_TASK PROMPT:_ Copy out the entries that follow. Leave none out.

---

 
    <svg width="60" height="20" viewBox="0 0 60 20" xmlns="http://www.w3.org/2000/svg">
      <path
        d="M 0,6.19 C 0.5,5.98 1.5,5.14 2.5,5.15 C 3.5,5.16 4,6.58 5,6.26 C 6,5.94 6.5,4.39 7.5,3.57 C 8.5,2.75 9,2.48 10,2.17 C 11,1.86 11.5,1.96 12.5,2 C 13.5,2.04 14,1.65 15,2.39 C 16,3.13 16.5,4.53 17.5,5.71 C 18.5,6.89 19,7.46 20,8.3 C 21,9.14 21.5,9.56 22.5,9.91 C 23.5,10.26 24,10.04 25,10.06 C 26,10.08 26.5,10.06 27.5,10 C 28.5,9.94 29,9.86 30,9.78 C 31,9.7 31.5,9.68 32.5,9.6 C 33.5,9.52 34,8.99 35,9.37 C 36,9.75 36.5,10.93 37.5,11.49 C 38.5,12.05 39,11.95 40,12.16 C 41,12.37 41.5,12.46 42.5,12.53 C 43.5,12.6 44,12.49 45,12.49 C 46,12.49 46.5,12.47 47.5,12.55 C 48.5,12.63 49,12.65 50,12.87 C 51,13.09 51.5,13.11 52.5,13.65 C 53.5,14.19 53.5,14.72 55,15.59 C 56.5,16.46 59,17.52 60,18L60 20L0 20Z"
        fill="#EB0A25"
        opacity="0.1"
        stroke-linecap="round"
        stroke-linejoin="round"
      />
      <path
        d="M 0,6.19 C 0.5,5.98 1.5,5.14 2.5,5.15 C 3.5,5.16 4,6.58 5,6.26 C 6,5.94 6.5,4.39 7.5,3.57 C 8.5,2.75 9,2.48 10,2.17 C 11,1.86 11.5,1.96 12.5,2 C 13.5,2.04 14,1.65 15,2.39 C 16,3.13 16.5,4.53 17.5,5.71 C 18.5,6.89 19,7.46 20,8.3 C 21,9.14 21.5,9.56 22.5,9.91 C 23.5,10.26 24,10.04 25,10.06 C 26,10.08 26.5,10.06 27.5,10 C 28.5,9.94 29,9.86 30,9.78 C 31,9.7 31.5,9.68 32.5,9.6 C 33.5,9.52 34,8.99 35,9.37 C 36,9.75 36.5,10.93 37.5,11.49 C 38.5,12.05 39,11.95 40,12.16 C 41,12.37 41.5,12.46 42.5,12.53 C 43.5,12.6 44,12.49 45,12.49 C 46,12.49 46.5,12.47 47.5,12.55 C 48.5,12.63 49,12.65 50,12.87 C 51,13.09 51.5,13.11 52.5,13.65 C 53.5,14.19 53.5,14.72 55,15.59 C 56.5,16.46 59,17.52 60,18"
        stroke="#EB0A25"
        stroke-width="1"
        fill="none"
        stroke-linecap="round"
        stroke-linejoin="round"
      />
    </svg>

---

_WRITTEN RESPONSE:_
    <svg width="60" height="20" viewBox="0 0 60 20" xmlns="http://www.w3.org/2000/svg">
      <path
        d="M 0,6.19 C 0.5,5.98 1.5,5.14 2.5,5.15 C 3.5,5.16 4,6.58 5,6.26 C 6,5.94 6.5,4.39 7.5,3.57 C 8.5,2.75 9,2.48 10,2.17 C 11,1.86 11.5,1.96 12.5,2 C 13.5,2.04 14,1.65 15,2.39 C 16,3.13 16.5,4.53 17.5,5.71 C 18.5,6.89 19,7.46 20,8.3 C 21,9.14 21.5,9.56 22.5,9.91 C 23.5,10.26 24,10.04 25,10.06 C 26,10.08 26.5,10.06 27.5,10 C 28.5,9.94 29,9.86 30,9.78 C 31,9.7 31.5,9.68 32.5,9.6 C 33.5,9.52 34,8.99 35,9.37 C 36,9.75 36.5,10.93 37.5,11.49 C 38.5,12.05 39,11.95 40,12.16 C 41,12.37 41.5,12.46 42.5,12.53 C 43.5,12.6 44,12.49 45,12.49 C 46,12.49 46.5,12.47 47.5,12.55 C 48.5,12.63 49,12.65 50,12.87 C 51,13.09 51.5,13.11 52.5,13.65 C 53.5,14.19 53.5,14.72 55,15.59 C 56.5,16.46 59,17.52 60,18L60 20L0 20Z"
        fill="#EB0A25"
        opacity="0.1"
        stroke-linecap="round"
        stroke-linejoin="round"
      />
      <path
        d="M 0,6.19 C 0.5,5.98 1.5,5.14 2.5,5.15 C 3.5,5.16 4,6.58 5,6.26 C 6,5.94 6.5,4.39 7.5,3.57 C 8.5,2.75 9,2.48 10,2.17 C 11,1.86 11.5,1.96 12.5,2 C 13.5,2.04 14,1.65 15,2.39 C 16,3.13 16.5,4.53 17.5,5.71 C 18.5,6.89 19,7.46 20,8.3 C 21,9.14 21.5,9.56 22.5,9.91 C 23.5,10.26 24,10.04 25,10.06 C 26,10.08 26.5,10.06 27.5,10 C 28.5,9.94 29,9.86 30,9.78 C 31,9.7 31.5,9.68 32.5,9.6 C 33.5,9.52 34,8.99 35,9.37 C 36,9.75 36.5,10.93 37.5,11.49 C 38.5,12.05 39,11.95 40,12.16 C 41,12.37 41.5,12.46 42.5,12.53 C 43.5,12.6 44,12.49 45,12.49 C 46,12.49 46.5,12.47 47.5,12.55 C 48.5,12.63 49,12.65 50,12.87 C 51,13.09 51.5,13.11 52.5,13.65 C 53.5,14.19 53.5,14.72 55,15.59 C 56.5,16.46 59,17.52 60,18"
        stroke="#EB0A25"
        stroke-width="1"
        fill="none"
        stroke-linecap="round"
        stroke-linejoin="round"
      />
    </svg>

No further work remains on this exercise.